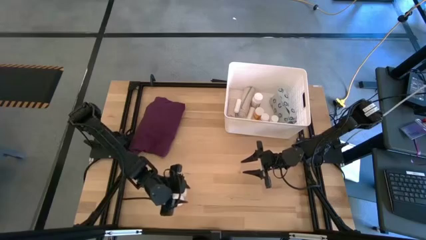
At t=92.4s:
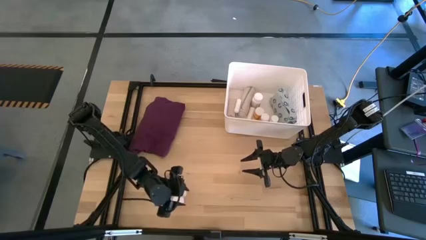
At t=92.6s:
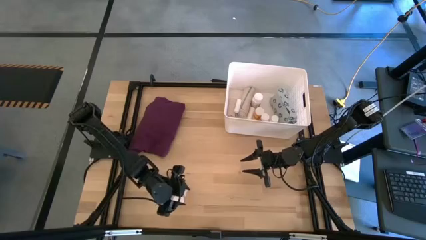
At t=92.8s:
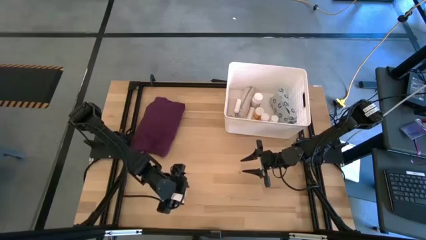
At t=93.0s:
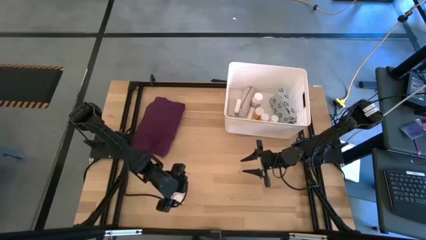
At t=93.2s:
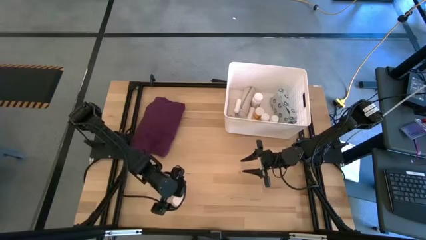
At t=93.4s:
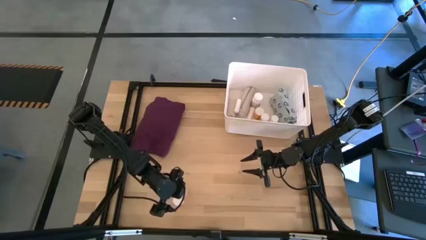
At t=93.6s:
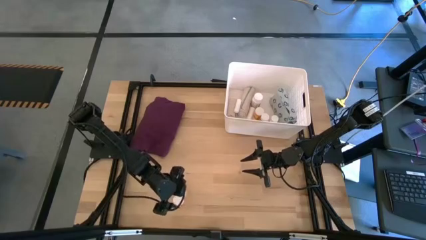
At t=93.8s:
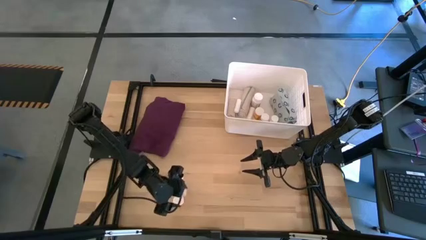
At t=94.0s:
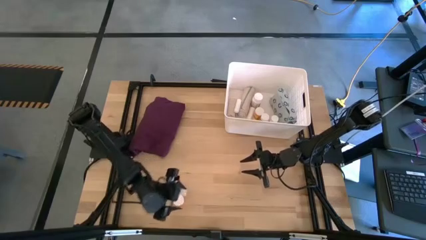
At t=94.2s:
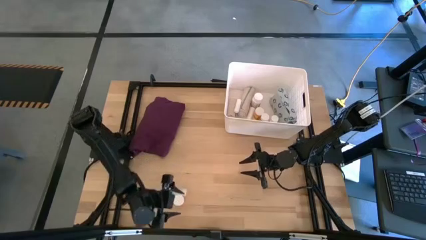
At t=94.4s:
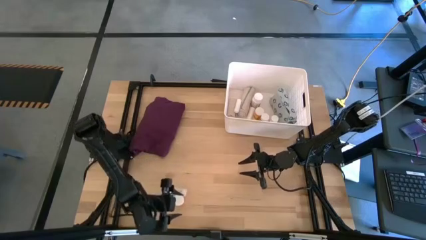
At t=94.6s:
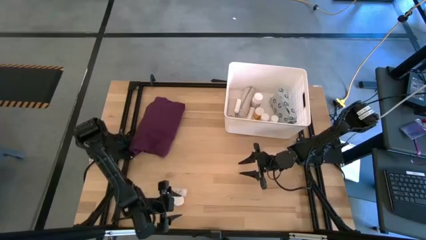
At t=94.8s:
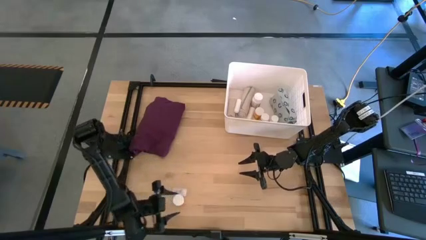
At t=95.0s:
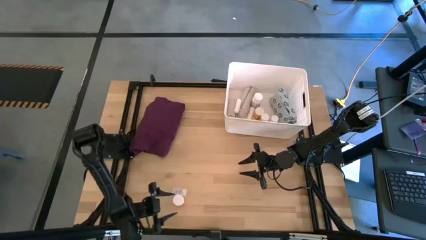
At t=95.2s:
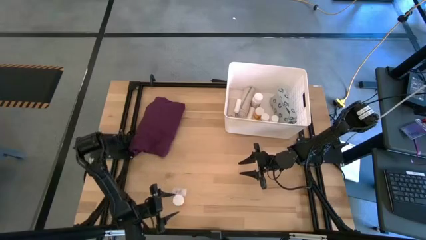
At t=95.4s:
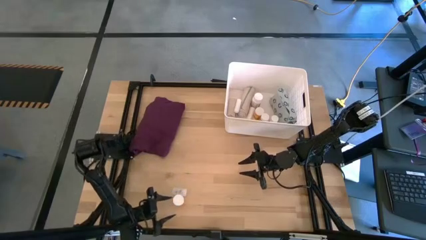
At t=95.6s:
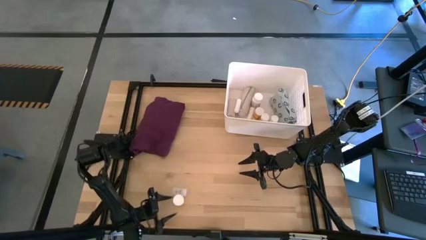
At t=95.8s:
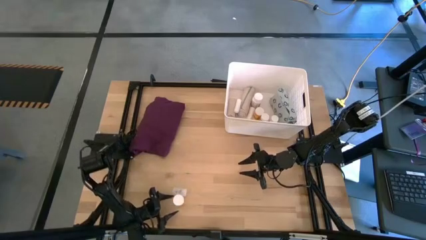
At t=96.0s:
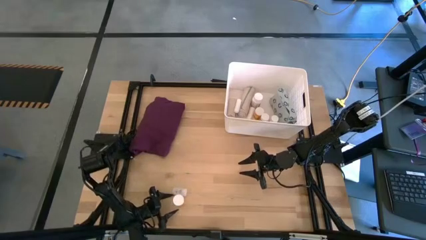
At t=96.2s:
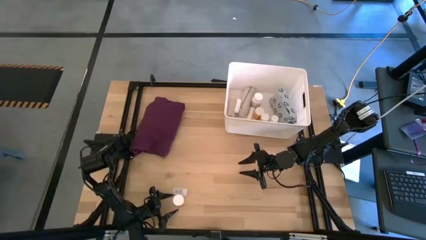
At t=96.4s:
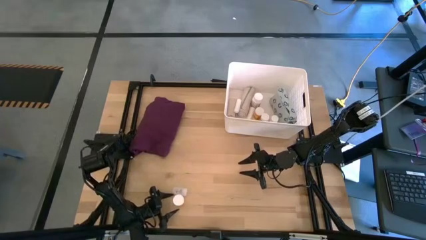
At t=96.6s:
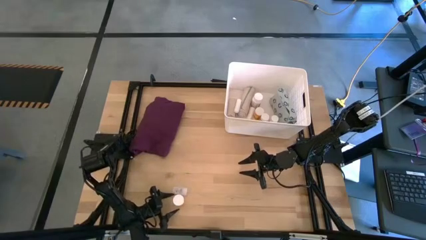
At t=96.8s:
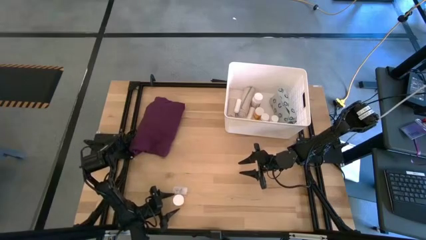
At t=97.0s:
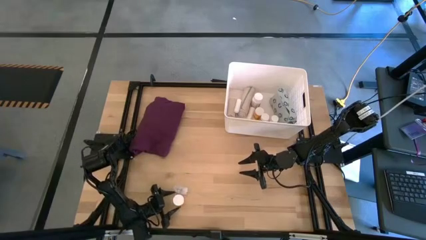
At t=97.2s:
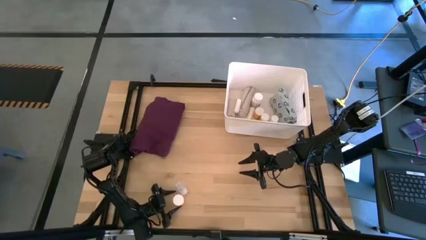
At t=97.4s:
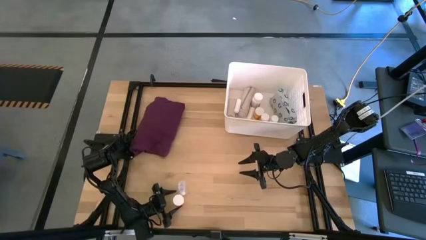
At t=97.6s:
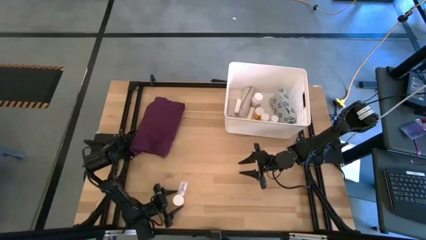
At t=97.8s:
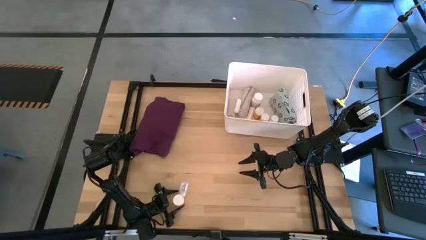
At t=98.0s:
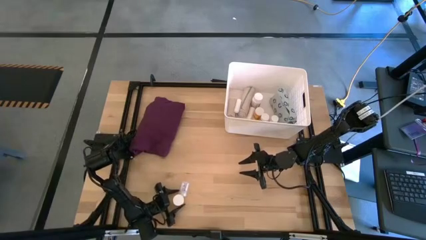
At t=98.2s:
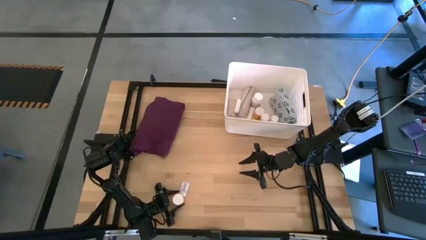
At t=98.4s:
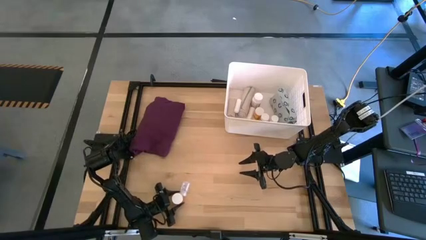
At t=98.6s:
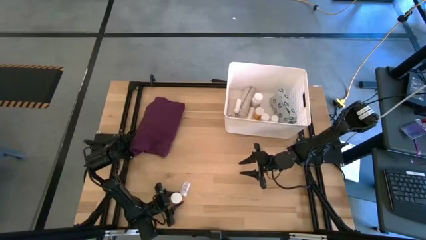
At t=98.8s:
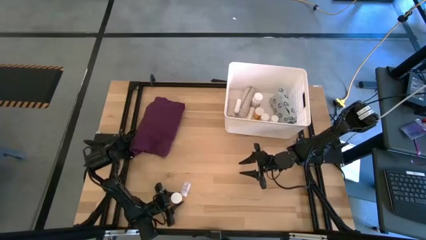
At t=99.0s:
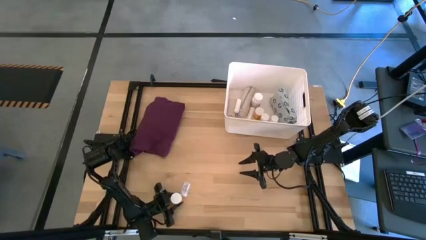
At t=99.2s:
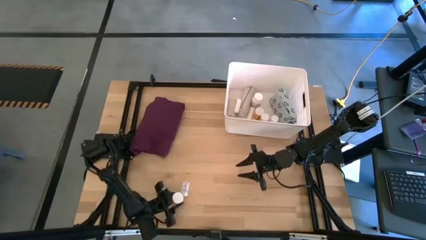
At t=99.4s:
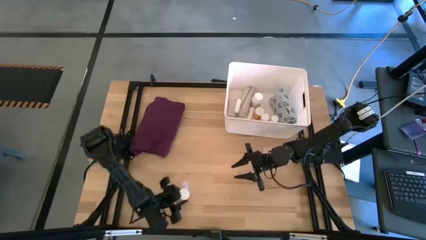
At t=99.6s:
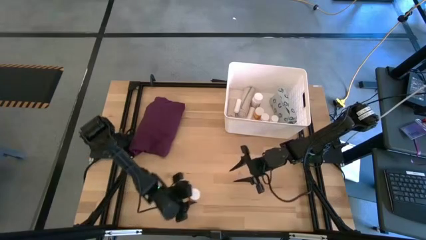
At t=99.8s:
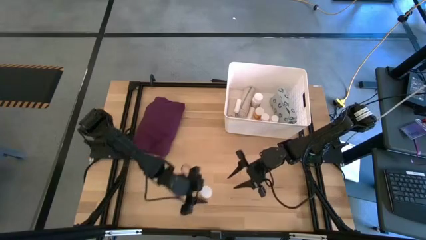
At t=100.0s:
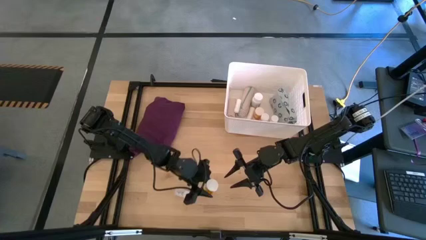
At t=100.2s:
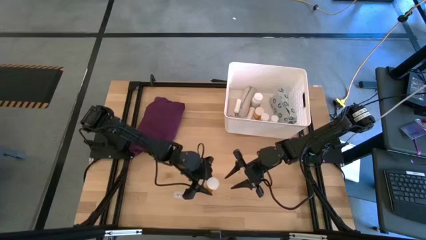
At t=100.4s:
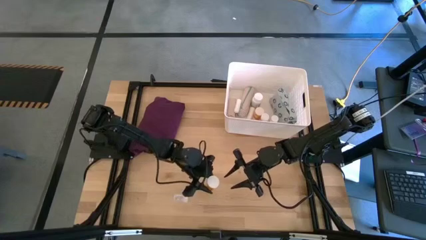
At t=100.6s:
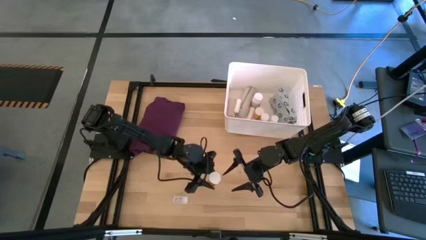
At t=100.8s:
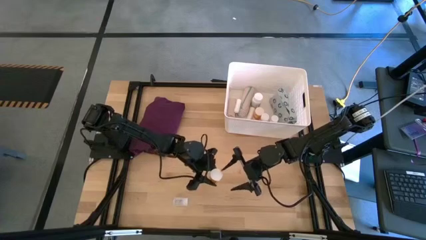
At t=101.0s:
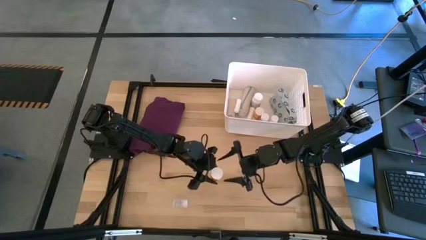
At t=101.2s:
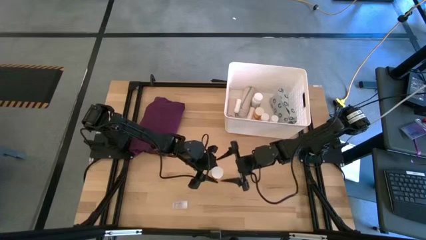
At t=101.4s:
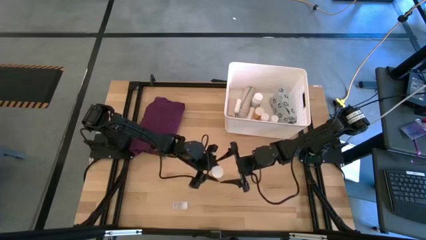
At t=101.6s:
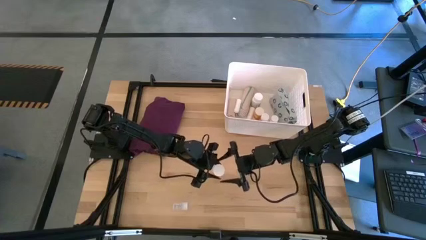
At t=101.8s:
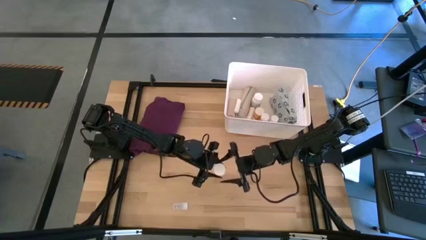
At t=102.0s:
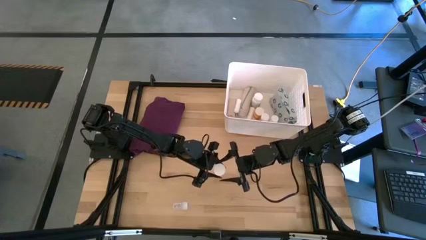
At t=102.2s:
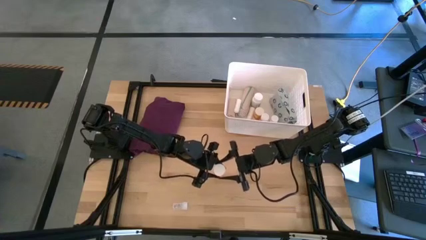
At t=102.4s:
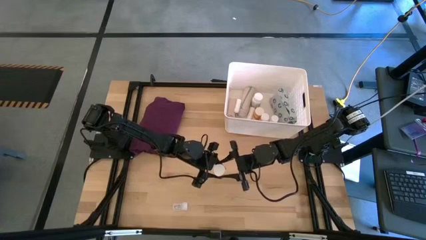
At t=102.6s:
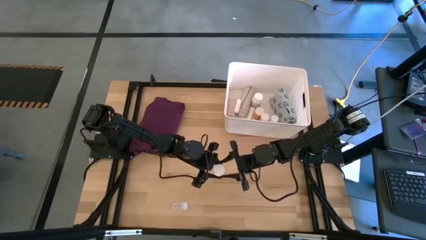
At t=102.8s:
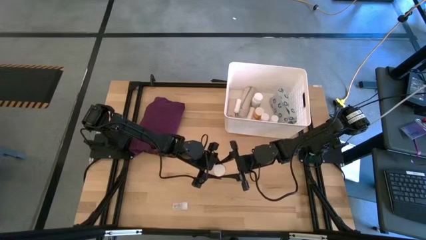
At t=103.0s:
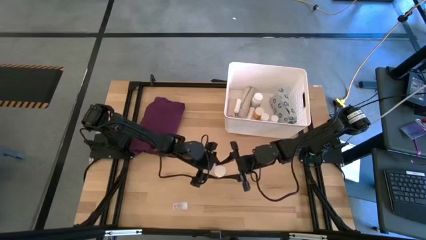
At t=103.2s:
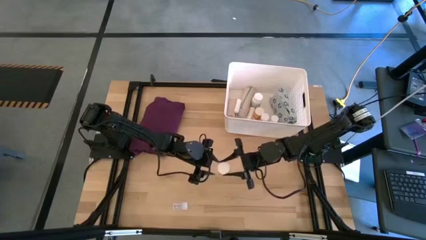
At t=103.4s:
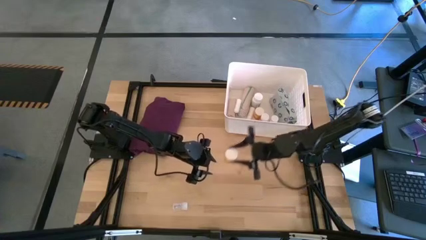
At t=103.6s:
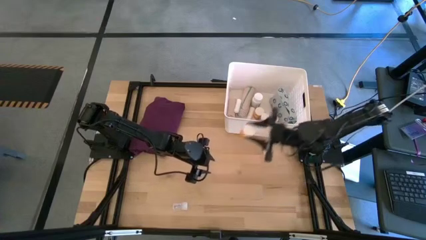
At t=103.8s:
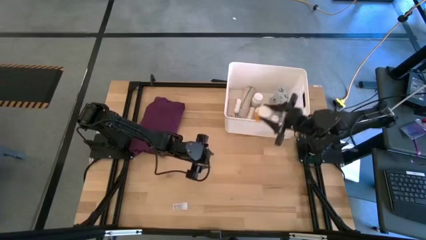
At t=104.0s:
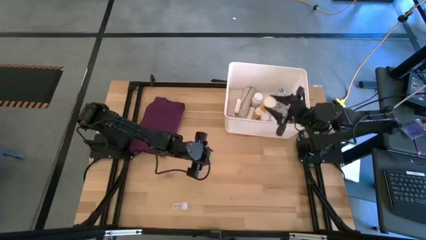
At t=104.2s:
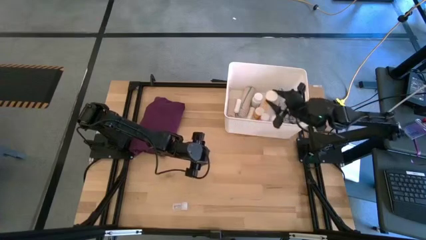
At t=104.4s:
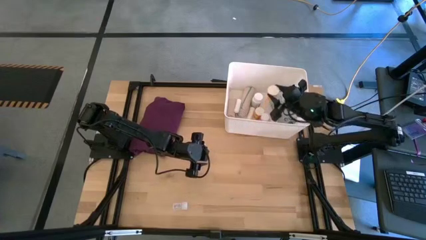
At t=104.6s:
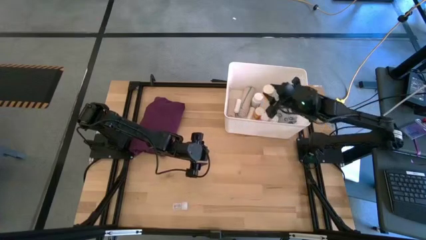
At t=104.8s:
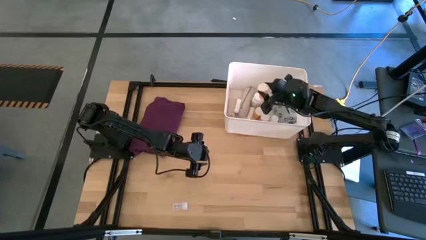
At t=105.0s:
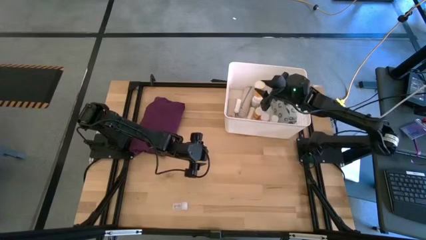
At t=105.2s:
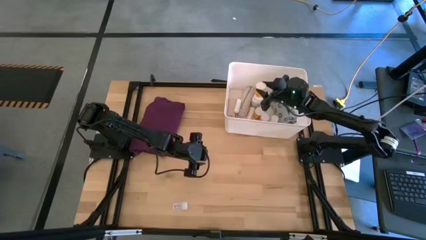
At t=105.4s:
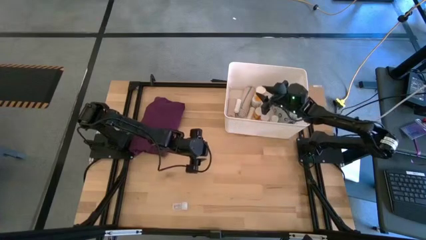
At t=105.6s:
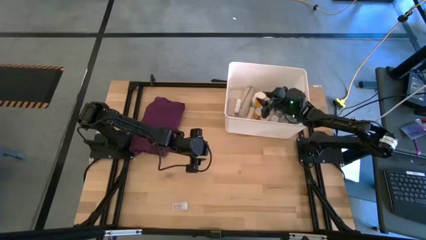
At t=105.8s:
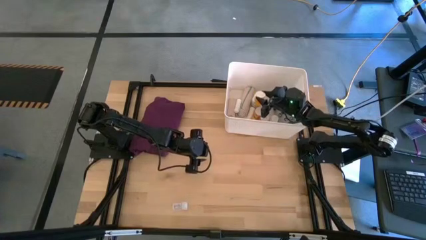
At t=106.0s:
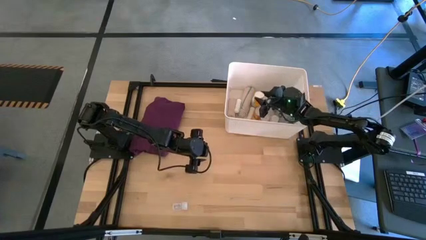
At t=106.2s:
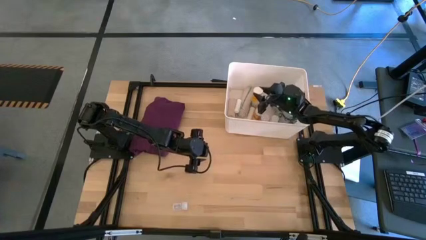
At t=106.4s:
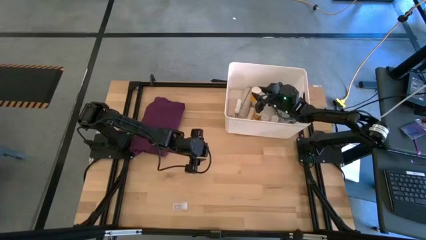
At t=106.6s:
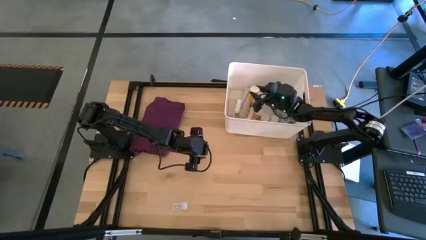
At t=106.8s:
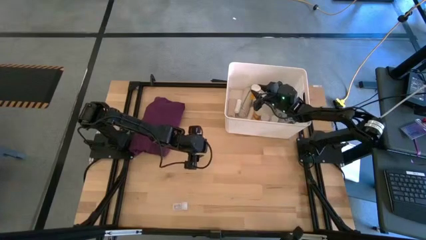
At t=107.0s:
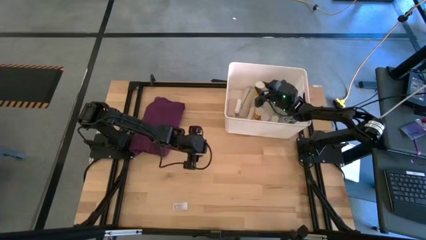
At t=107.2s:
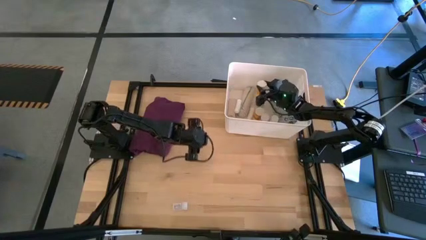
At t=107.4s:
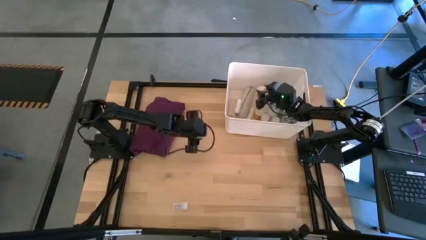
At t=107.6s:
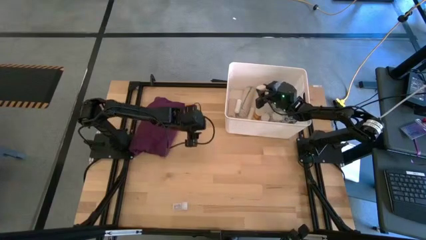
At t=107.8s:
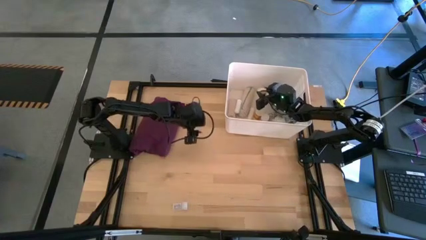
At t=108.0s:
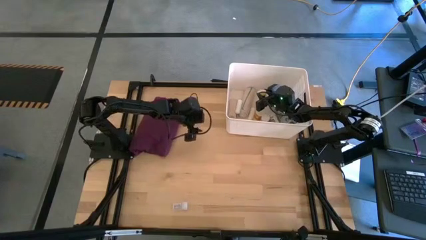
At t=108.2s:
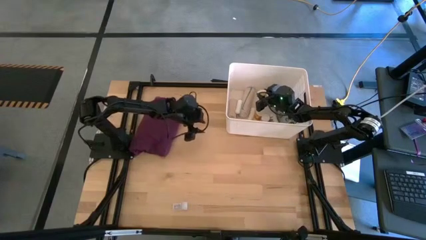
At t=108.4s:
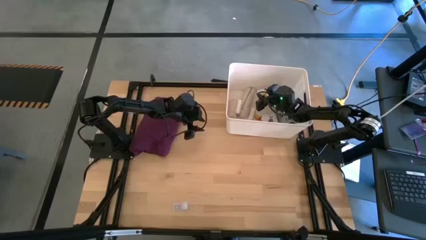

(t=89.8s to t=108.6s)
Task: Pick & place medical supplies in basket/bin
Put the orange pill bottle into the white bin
________________
TASK STATEMENT:
Would you retype the entries above in full, exactly as written, minus the pictures?

SOLVED EXERCISE:
At t=92.4s:
At t=92.6s:
At t=92.8s:
At t=93.0s:
At t=93.2s:
At t=93.4s:
At t=93.6s:
At t=93.8s:
At t=94.0s:
At t=94.2s:
At t=94.4s:
At t=94.6s:
At t=94.8s:
At t=95.0s:
At t=95.2s:
At t=95.4s:
At t=95.6s:
At t=95.8s:
At t=96.0s:
At t=96.2s:
At t=96.4s:
At t=96.6s:
At t=96.8s:
At t=97.0s:
At t=97.2s:
At t=97.4s:
At t=97.6s:
At t=97.8s:
At t=98.0s:
At t=98.2s:
At t=98.4s:
At t=98.6s:
At t=98.8s:
At t=99.0s:
At t=99.2s:
At t=99.4s:
At t=99.6s:
At t=99.8s:
At t=100.0s:
At t=100.2s:
At t=100.4s:
At t=100.6s:
At t=100.8s:
At t=101.0s:
At t=101.2s:
At t=101.4s:
At t=101.6s:
At t=101.8s:
At t=102.0s:
At t=102.2s:
At t=102.4s:
At t=102.6s:
At t=102.8s:
At t=103.0s:
At t=103.2s:
At t=103.4s:
At t=103.6s:
At t=103.8s:
At t=104.0s:
At t=104.2s:
At t=104.4s:
At t=104.6s:
At t=104.8s:
At t=105.0s:
At t=105.2s:
At t=105.4s:
At t=105.6s:
At t=105.8s:
At t=106.0s:
At t=106.2s:
At t=106.4s:
At t=106.6s:
At t=106.8s:
At t=107.0s:
At t=107.2s:
At t=107.4s:
At t=107.6s:
At t=107.8s:
At t=108.0s:
At t=108.2s:
At t=108.4s:

(t=89.8s to t=108.6s)
Task: Pick & place medical supplies in basket/bin
Put the orange pill bottle into the white bin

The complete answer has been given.